Geschlossene Gesellschaft und Totalitarismus

Versuch einer Begriffsbestimmung nach Sir Karl Poppers Buch "Die offene Gesellschaft und ihre Feinde"


Seminararbeit, 2005

24 Seiten, Note: Gut


Leseprobe

Inhaltsverzeichnis

Einleitung

I. Der Historizismus als totalitäre Kraft
1. Grundgedanken einer historizistischen Geschichtsauffassung
2. Die antinaturalistischen Doktrinen des Historizismus
3. Die pronaturalistischen Doktrinen des Historizismus

II. Der Zauber Platons: Der Staat als totalitäres Modell einer geschlossenen Gesellschaft
1. Platons Ideenlehre – Soziologischer Idealismus
2. Die Lehre von Ruhe und Veränderung, Gleichschaltung von Natur und Konvention
3. Platons totalitäres Programm

III. Falsche Propheten: Hegel, Marx und das Phänomen des Kommunismus
1. Aristoteles und Hegel: Der Beginn der Orakelphilosophie
2. Soziologischer Determinismus, Ökonomischer Historizismus und totalitäres Klassendenken
3. Die Verkündigung des Sozialismus und die Revolution des Proletariats

Bibliographie

Einleitung

„Ich sehe heute klarer als zuvor, dass alle unsere Nöte und Schwierigkeiten einen Ursprung haben, der bewundernswert und gesund ist, wenn auch sehr gefährlich […]. Es ist das Bestreben ungezählter unbekannter Menschen, sich und ihre Seelen von der Herrschaft der Autorität und des Vorurteils zu befreien; es ist ihr Versuch, eine offene Gesellschaftsordnung aufzubauen […].“

Karl Popper. Die Offene Gesellschaft und ihre Feinde, Band I, Vorwort.

Sir Karl Raimund Popper (1902-1994) war wohl zweifelsfrei einer der einflussreichsten und auch vielseitigsten Denker des 20. Jahrhunderts.
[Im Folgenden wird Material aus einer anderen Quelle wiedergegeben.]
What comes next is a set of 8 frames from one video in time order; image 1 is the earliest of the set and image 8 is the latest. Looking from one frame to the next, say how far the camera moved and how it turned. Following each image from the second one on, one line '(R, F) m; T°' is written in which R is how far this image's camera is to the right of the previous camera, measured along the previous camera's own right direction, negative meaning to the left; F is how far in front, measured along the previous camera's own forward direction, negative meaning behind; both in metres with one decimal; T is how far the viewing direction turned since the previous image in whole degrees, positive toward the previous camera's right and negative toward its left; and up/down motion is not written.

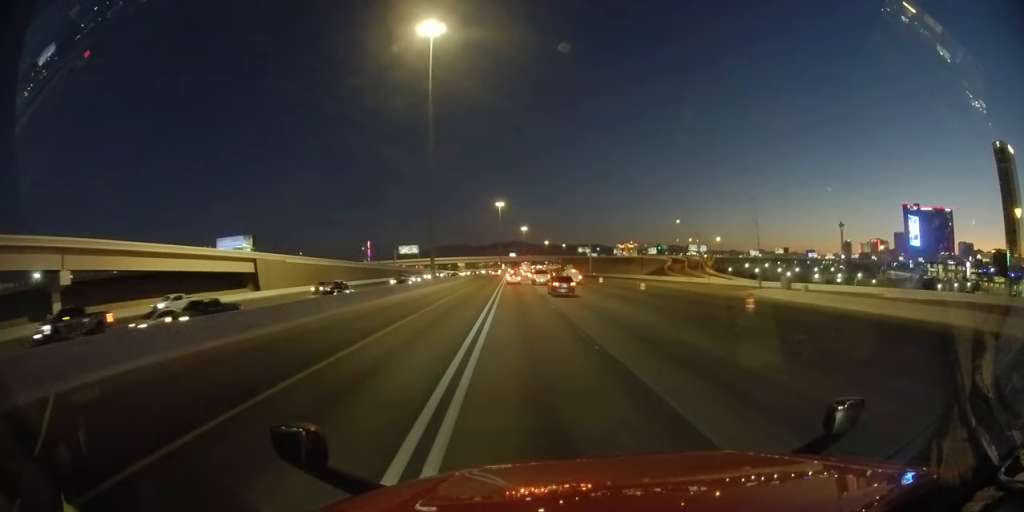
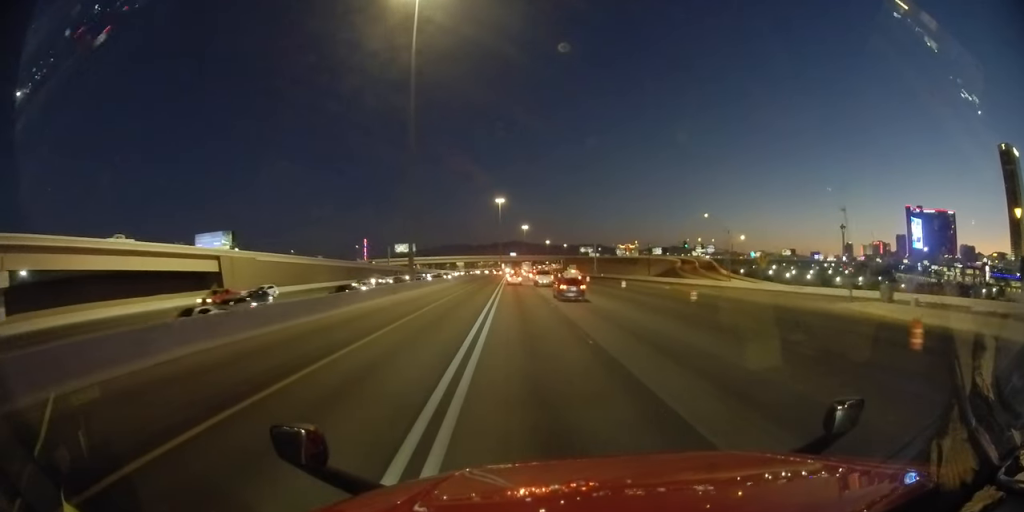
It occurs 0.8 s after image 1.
(-0.1, +11.1) m; 0°
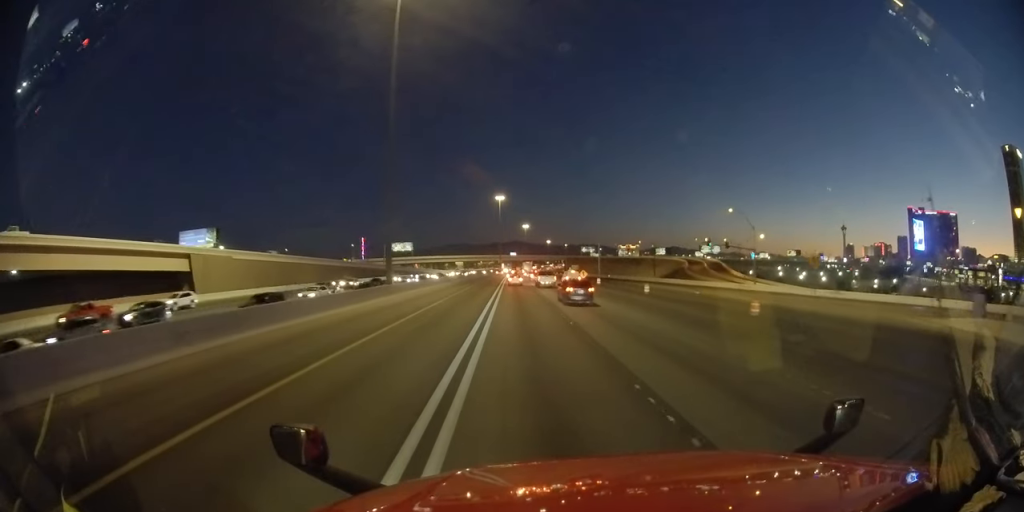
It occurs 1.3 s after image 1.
(0.0, +7.6) m; 0°
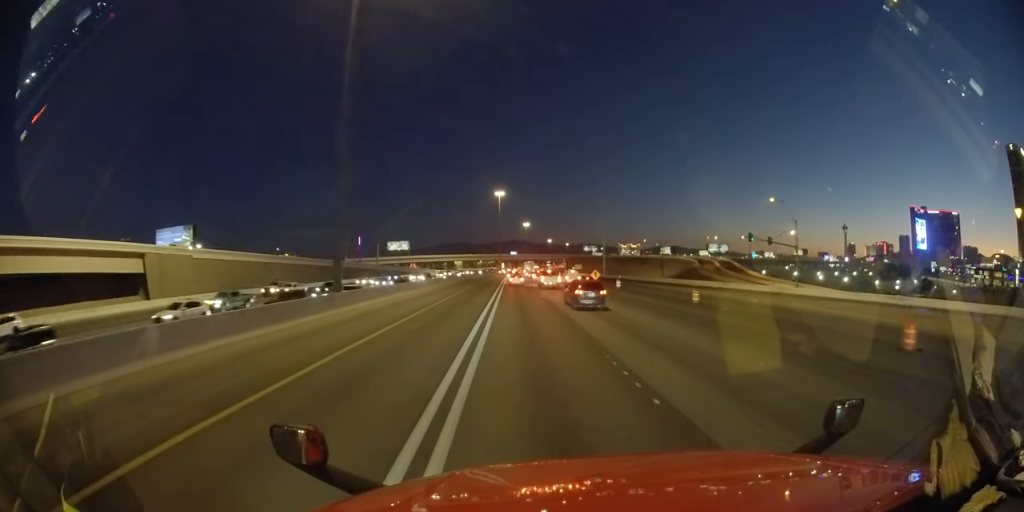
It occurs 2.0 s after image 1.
(0.0, +10.1) m; 0°
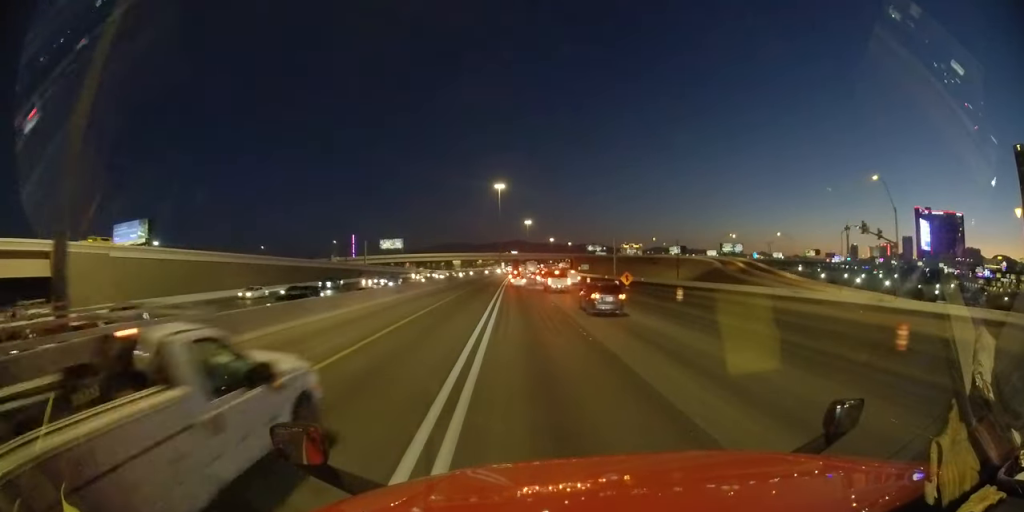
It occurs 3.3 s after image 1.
(-0.1, +17.0) m; -1°
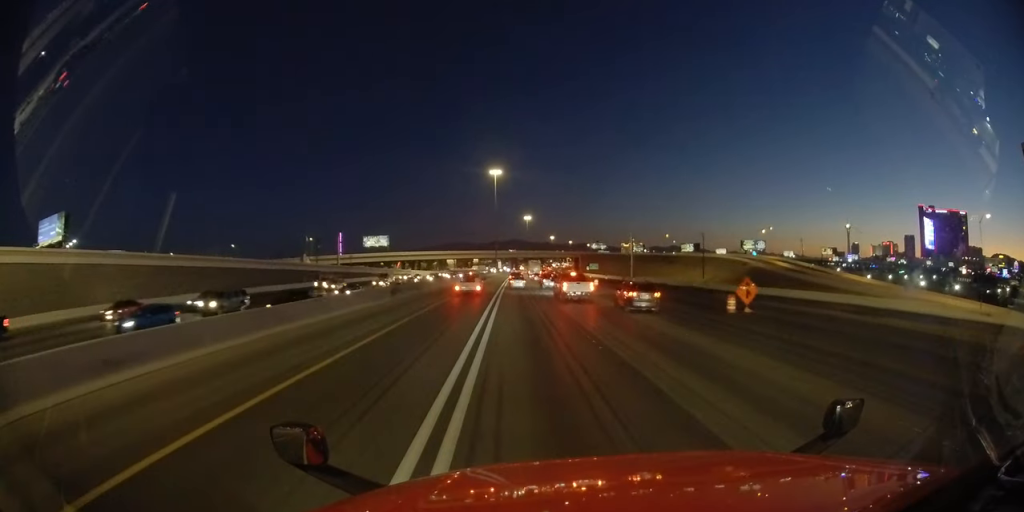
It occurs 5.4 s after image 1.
(+0.3, +26.1) m; +2°
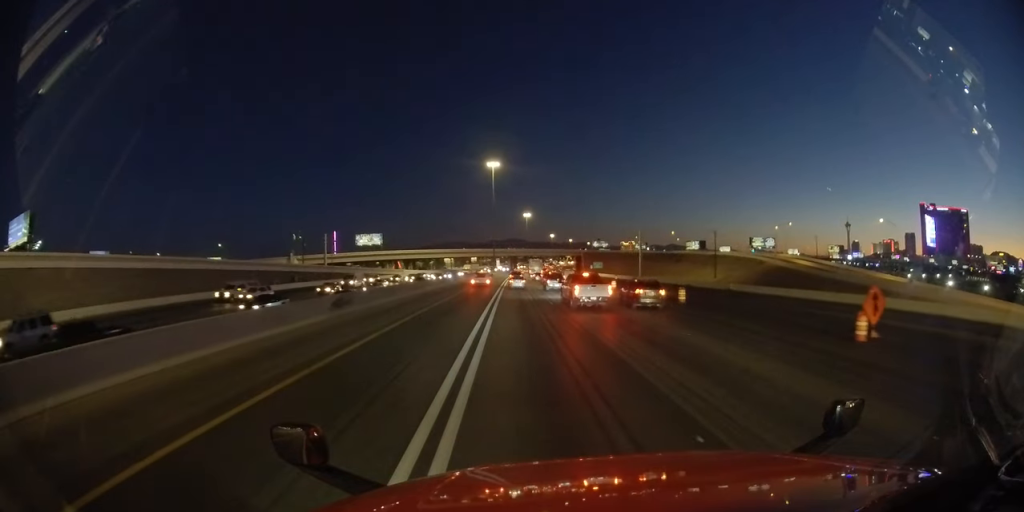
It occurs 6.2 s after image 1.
(0.0, +10.1) m; 0°
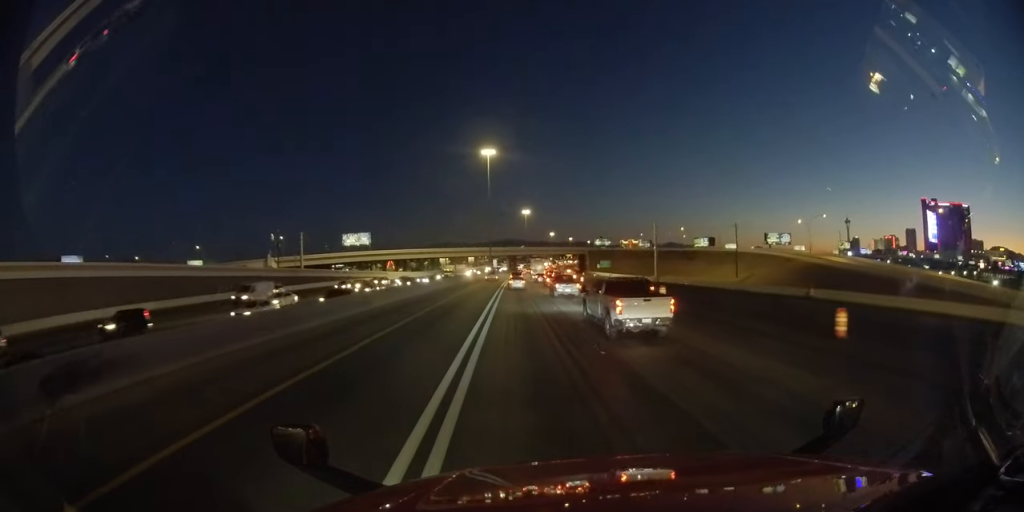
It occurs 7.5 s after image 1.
(0.0, +15.4) m; 0°

Gerade durch seine um Exaktheit, Klarheit und Einfachheit bemühte Erkenntnis- und Wissenschaftstheorie gelangte er zu einer Soziologie und politischen Philosophie, die wie keine andere in unbedingter Weise die Demokratie verteidigte und eine offene Gesellschaftsordnung des Staates forderte.

Popper erreichte durch einen ungewöhnlichen Schritt eine widerspruchsfreie Übertragung seines erkenntnistheoretischen Modells auf die politische Praxis: seine Erkenntnistheorie versteht sich zunächst als ein methodologisches Forschungsprogramm zur Elimination von Fehlern, aus denen wir berechtigt sein sollen, für die Zukunft zu lernen.[1] Zu den zentralen Themen des Kritischen Rationalismus zählt zum ersten das Prinzip der Objektivität der Wahrheit, die aus dem streng korrespondenztheoretischen Konzept Poppers hervorgeht. „Eine Theorie ist wahr, wenn sie mit den Tatsachen übereinstimmt; sie hat größere Wahrheitsnähe als eine konkurrierende Theorie, wenn sie mit den Tatsachen besser übereinstimmt (oder mit mehr Tatsachen übereinstimmt).“[2] Dabei ist jedoch der dynamische Charakter dieses Modell zu bemerken, da Wissen stets nur vorläufig und niemals mit Sicherheit zu gewinnen ist. Dieses Eigenschaft dient dem Schutz vor Absolutierungen und der von Popper abgelehnten Dogmatisierung von Theorien und Erkenntnissen. Daraus ergibt sich der zweite wichtige Punkt von Poppers Philosophie: das Falsifikationsprinzip „zur Ausscheidung von fehlerhaften Theorien“.[3]

„[…] das Modell der immer nur auf hypothetischem Vermutungswissen basierenden Erkenntnis und ihrer kritischen Funktion weist einen Anwendungscharakter im praktischen Bereich dahingehend auf, dass die Falsifikation hier im Sinne eines Abwählkriteriums methodisch in Anschlag gebracht werden kann, anhand dessen sich Gesellschaftsformen hinsichtlich ihrer Freiheit unterscheiden lassen.“[4] Mit diesem sogenannten Abwählkriterium[5] – analog zur Elimination von defekten Theorien – ergibt sich in demokratischen Staaten durch Wahlen die Möglichkeit, unliebsame Politiker bzw. solche, die in ihrer Tätigkeit versagt oder nicht das Gewünschte erreicht haben, ihrer Macht und Position zu entheben. Dies steht völlig im Gegensatz zu totalitären Staaten, in denen die Herrscher das Wahrheitsmonopol beanspruchen; damit sind sie durch ihre innere Struktur bereits als dogmatisch auszuweisen.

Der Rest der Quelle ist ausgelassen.